Juliette Binoche : ‘Un personnage peut être faux. Quand un écrivain écrit, il doit être vrai. Ça demande un travail d’être vrai. L’acteur ne sait pas et les choses viennent en ne sachant pas. Parfois cela demande du défrichage, enlever des idées préconçues. On protège des parties de soi parce qu’on a peur d’être exposé. Il faut un certain accomplissement. On propose des choses au metteur en scène et cela peut apporter un changement. Le temps est tellement important et les univers très variés.’

Passer d’un réalisateur à l’autre de Ruffio à Carax

Juliette Binoche : La vie est faite de plein de surprises. J’aime aller vers des univers différents. C’est se confronter à une autre partie de soi. J’aime la tragédie, car on est dans de vraies questions. La tragédie permet de séparer le cinéma de notre vie. J’ai fait un film avec John Boorman et je me suis dit, ‘c’est raté’. On ne faisait qu’une prise et je ne le voyais jamais. Il était très loin du combo. Je lui propose de dîner avec lui. Il s’est peu à peu rapproché de la caméra et dans certains cas, il a fait plusieurs prises.

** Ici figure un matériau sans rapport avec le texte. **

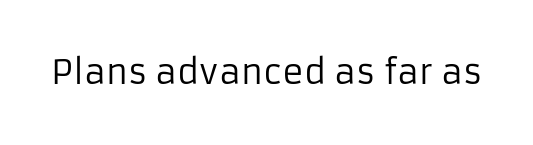
The image shows 33 px regular-weight sans-serif type, upright; set normal letter spacing, not underlined; low stroke contrast and a medium x-height.

L’harmonie et le lien avec le réalisateur

‘Il faut un paysage intérieur. Le lien il faut le vivre. Tu dois être prêt tellement rapidement ; tu n’as pas le temps de réfléchir. C’est la préparation qui est mystérieuse.

‘Être actrice ? Être seule au regard des autres, ça force à être vrai, à grandir ; qu’est-ce que c’est que l’orgueil ? De jouer et de se sentir nulle. On est forcément obligé de devenir humble. L’inconnu nous pousse à grandir et à nous transformer. C’est valable pour tous les autres arts, car être vrai ça se voit. L’homme sur terre a le devoir de se tourner vers ses émotions. On produit des émotions pour le spectateur ; à lui d’en faire quelque chose.

Le film, c’est une synergie entre plein de choses. Je préfère le mot incarnation au mot interprétation.’